Calculation by comparison
I have not been able to find resources for calculating the tidal heating of a primary planet from the effects of a moon. However, there is available literature for calculating the tidal heating of the moon itself in its orbit around Earth. The equation for heating in a tidally locked moon with an eccentric orbit is
$$\dot{E}_{tidal} = k_2\frac{21}{2}\frac{R^5n^5e^2}{G}$$ where $k_2$ is the Love number of the moon (0.0222), $R$ is the moon's mean radius (1738100 meters), $n$ is the mean orbital motion in radians per second ($2.662\times10^{-6}$), $e$ is the eccentricity of the moon's orbit (0.0549), and $G$ is the universal gravitational constant ($6.67\times10^{-11}$ m$^3$kg$^{-1}$s$^{-2}$).
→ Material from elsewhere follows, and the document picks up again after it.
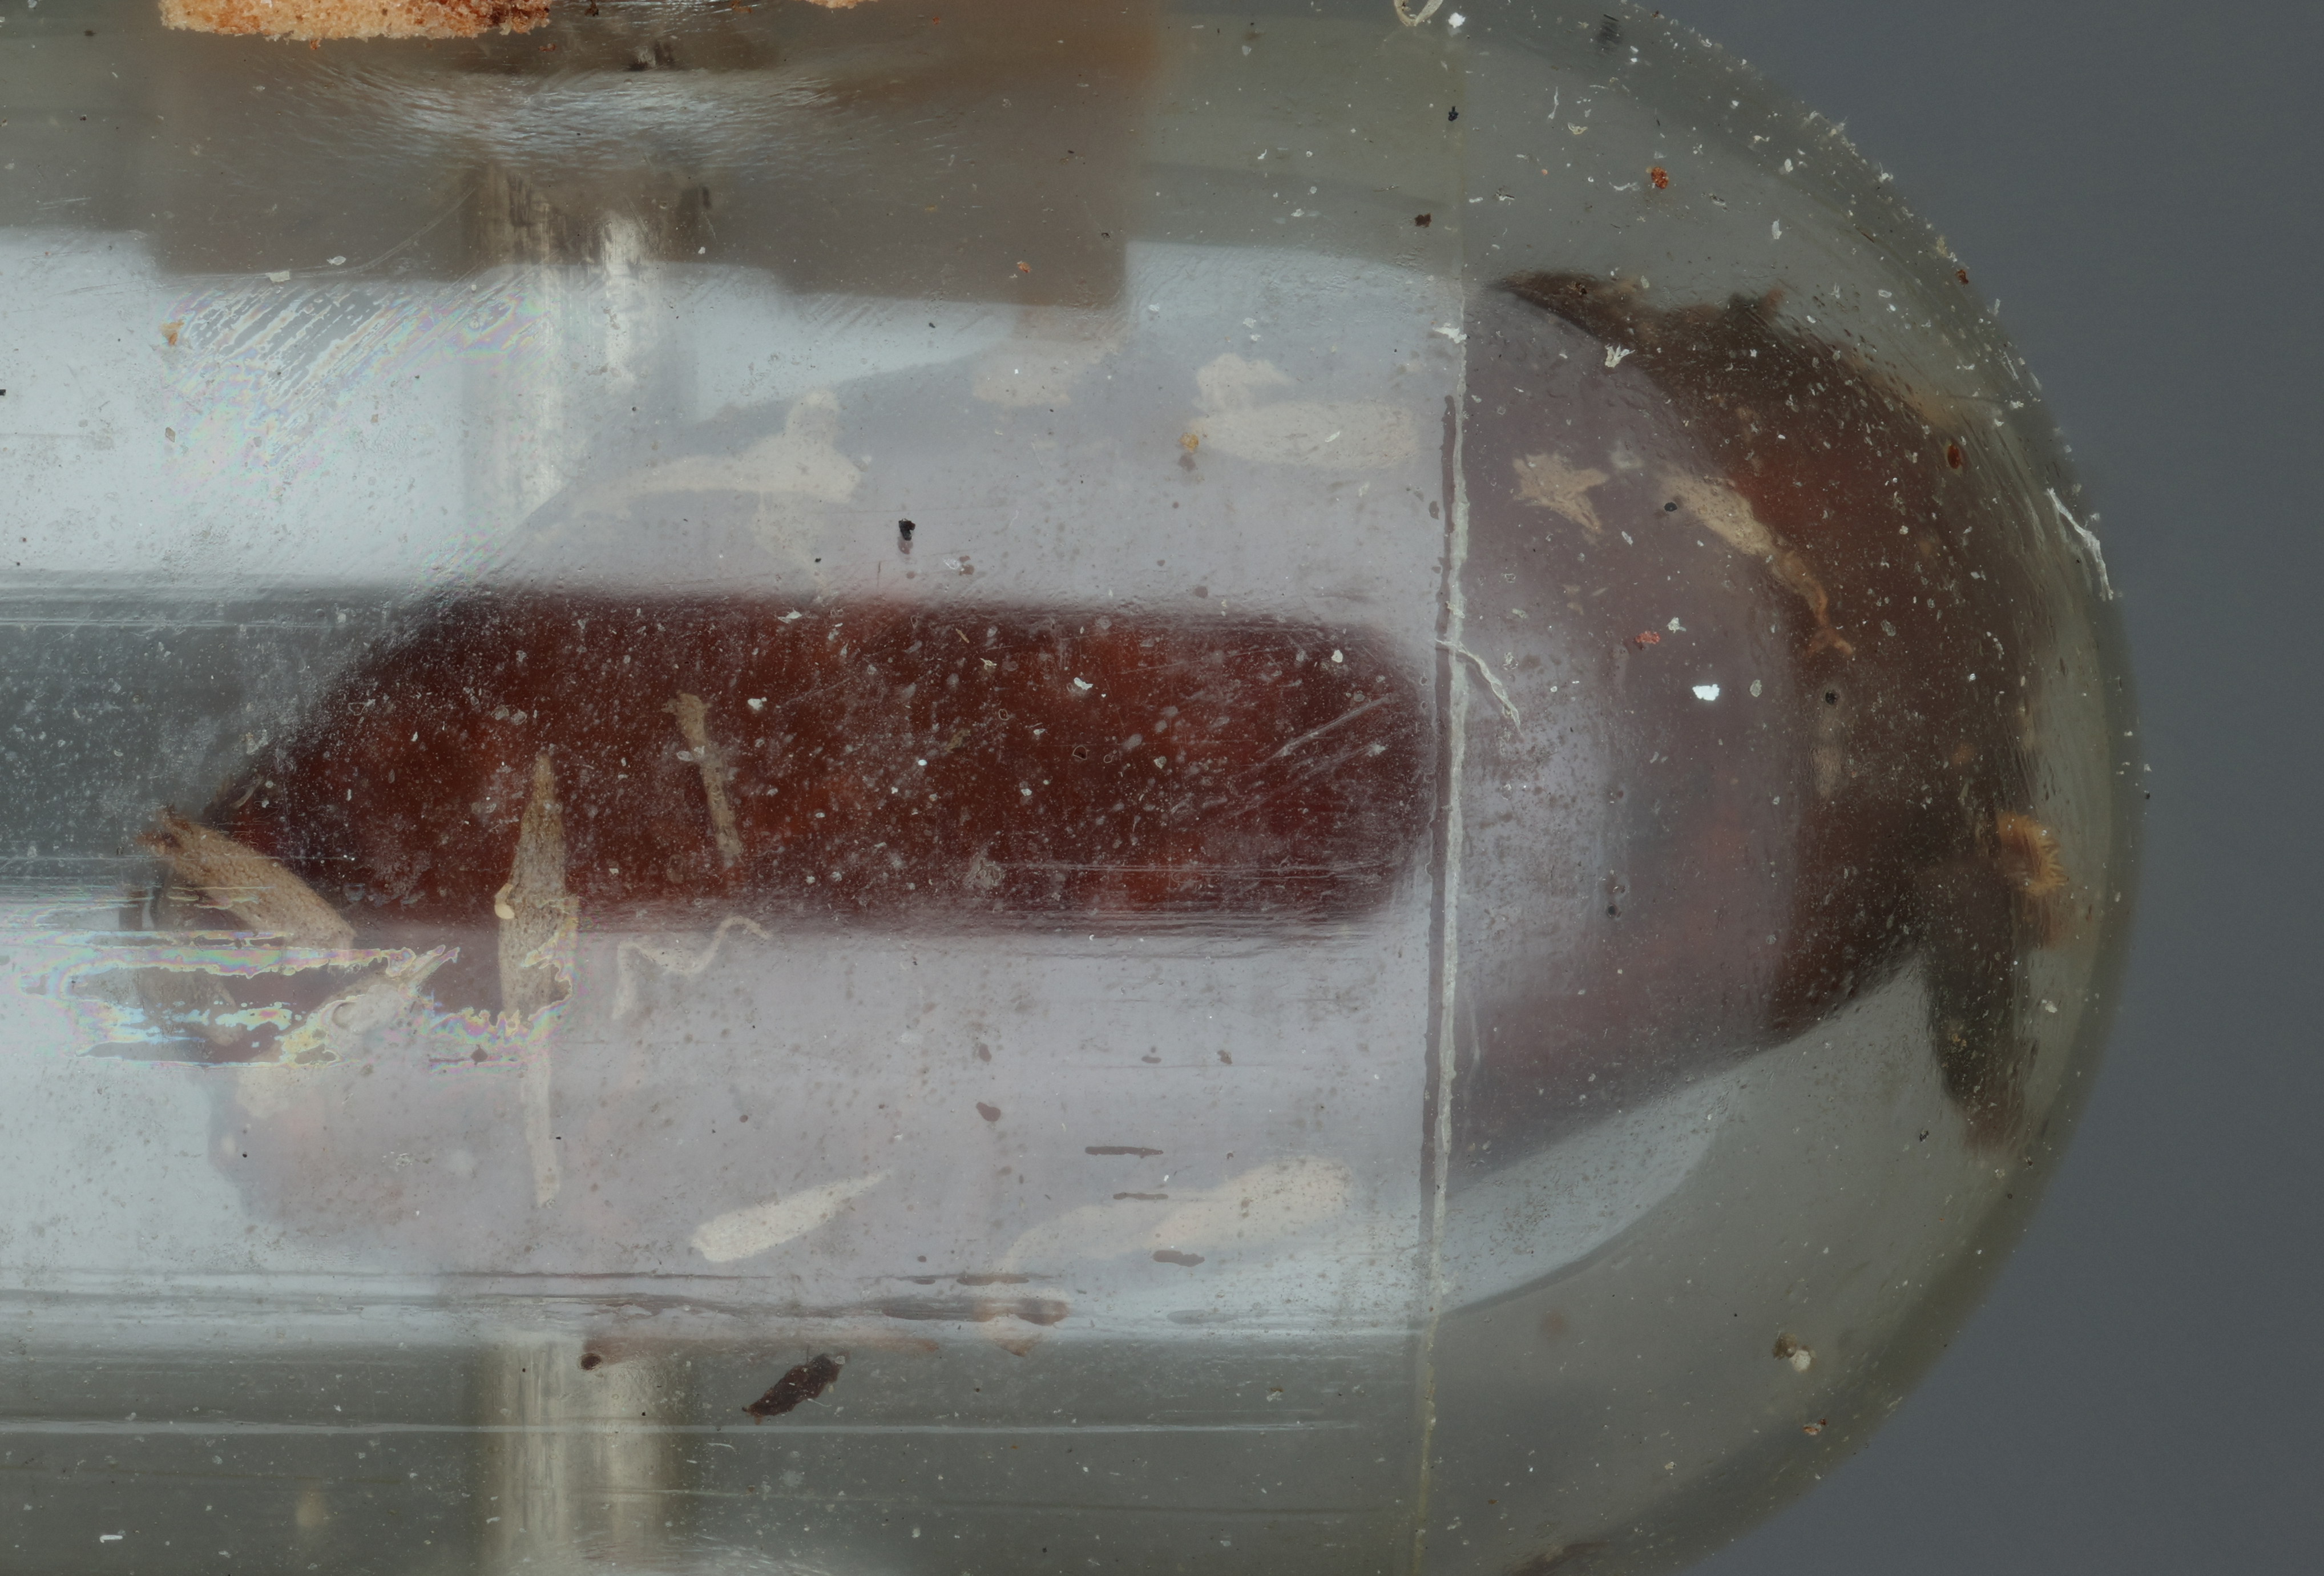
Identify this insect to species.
Aphaereta ithacensis

Plug all those numbers in and we get $2.2\times10^{W}$, or 22 GW. That is about the electrical power output of the Three Gorges Dam or the Saturn V rocket at launch.
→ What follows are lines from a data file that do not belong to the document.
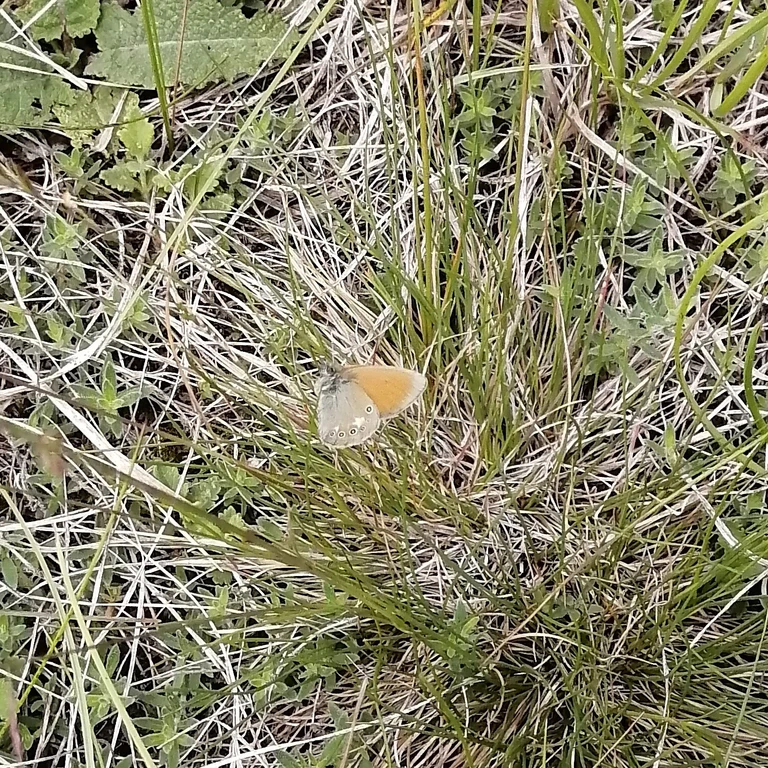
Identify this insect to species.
Coenonympha glycerion (also Coenonympha iphis)
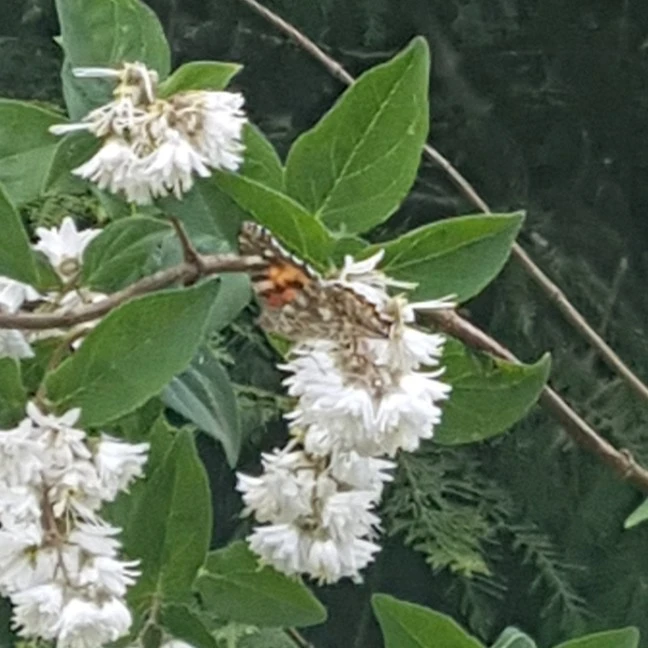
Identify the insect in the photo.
Vanessa cardui
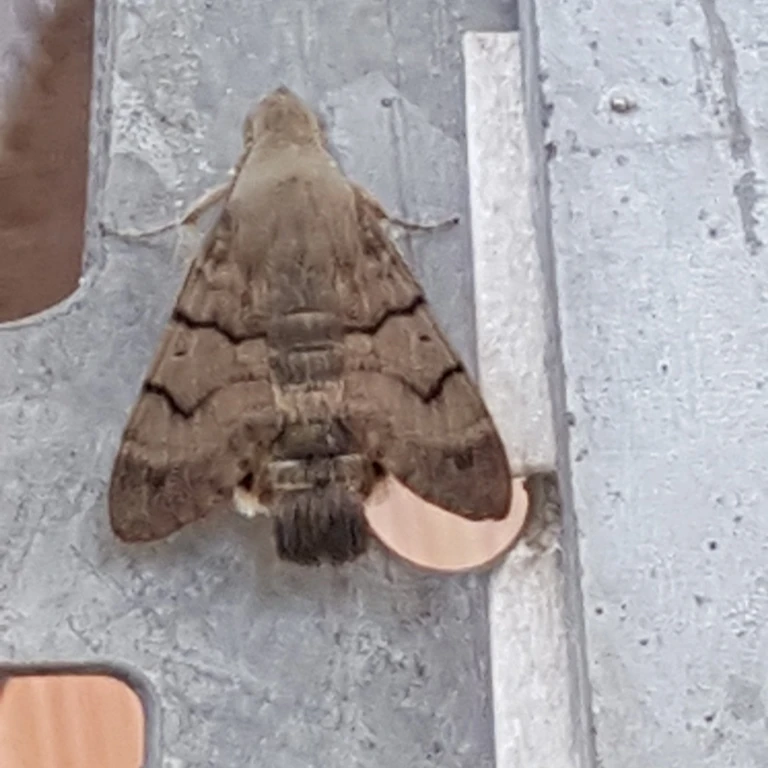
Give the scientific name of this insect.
Macroglossum stellatarum

So what can we conclude from that?
First off, the tidal heating is strongly controlled by having a fast eccentric orbit. This is why Io has such strong tidal heating; its orbit is days, with moderate eccentricity. Re-running the numbers for Io, I get 138 TW; more than 500 time what the moon is getting! For a planet, there is nothing to orbit. You need something massive like Jupiter pulling you around. Earth is barely big enough to cause any heat to the moon, so a moon sized object isn't going to do much to Mars.
So if we don't have any means to increase the heating, that level of heat generation is far, far to low to ever heat up the core of Mars. The Earth, for example, loses 44 TW from its interior, so tidal heating is orders of magnitude too low to even balance outflow from a hot core.
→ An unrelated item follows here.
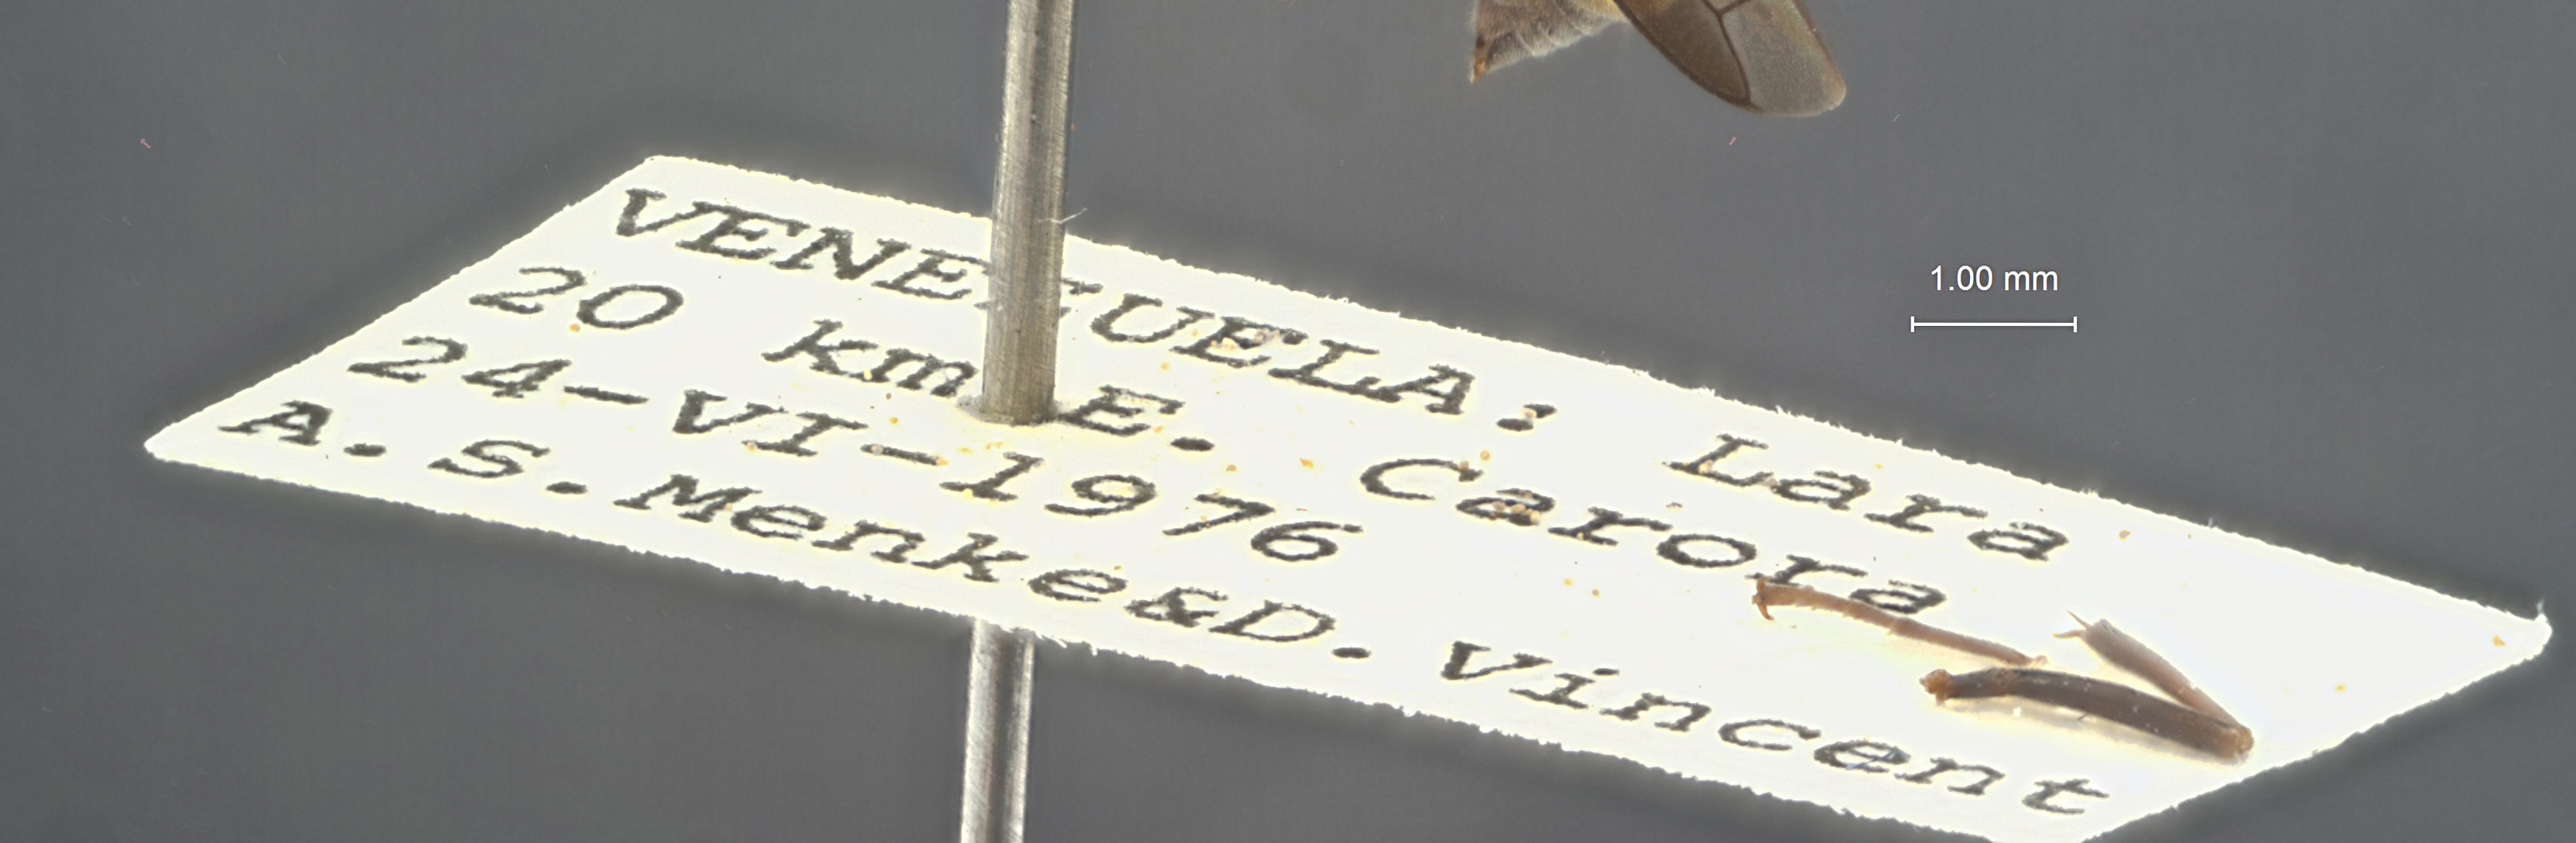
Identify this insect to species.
Cyphomenes anisitsii

Lastly, lets say Mars was orbiting Jupiter, in the same orbit as Io. Due to its bigger size, its heating would be 3 PW. Now we're getting somewhere! Lets use the same assumptions about Mars' core as I used in this question. That means the heat capacity of Mars' core will be about $1.9\times10^{26}$ J/K. Given our input of $3\times10^15$ J/s; it will take us $6.3\times10^{10}$ seconds, or 2000 years to increase core temperature by 1 Kelvin, not even counting heat losses through transfer to the core.
Conclusion
The tidal heating on the moon from Earth is trivial compared to the losses from a hot core. Therefore if an Earth sized object cannot appreciably heat the moon, it is unlikely that a moon sized object will appreciably heat Mars.
Even if you put Mars in a perilously close orbit of Jupiter, it would still take thousands of years to heat up the core appreciably.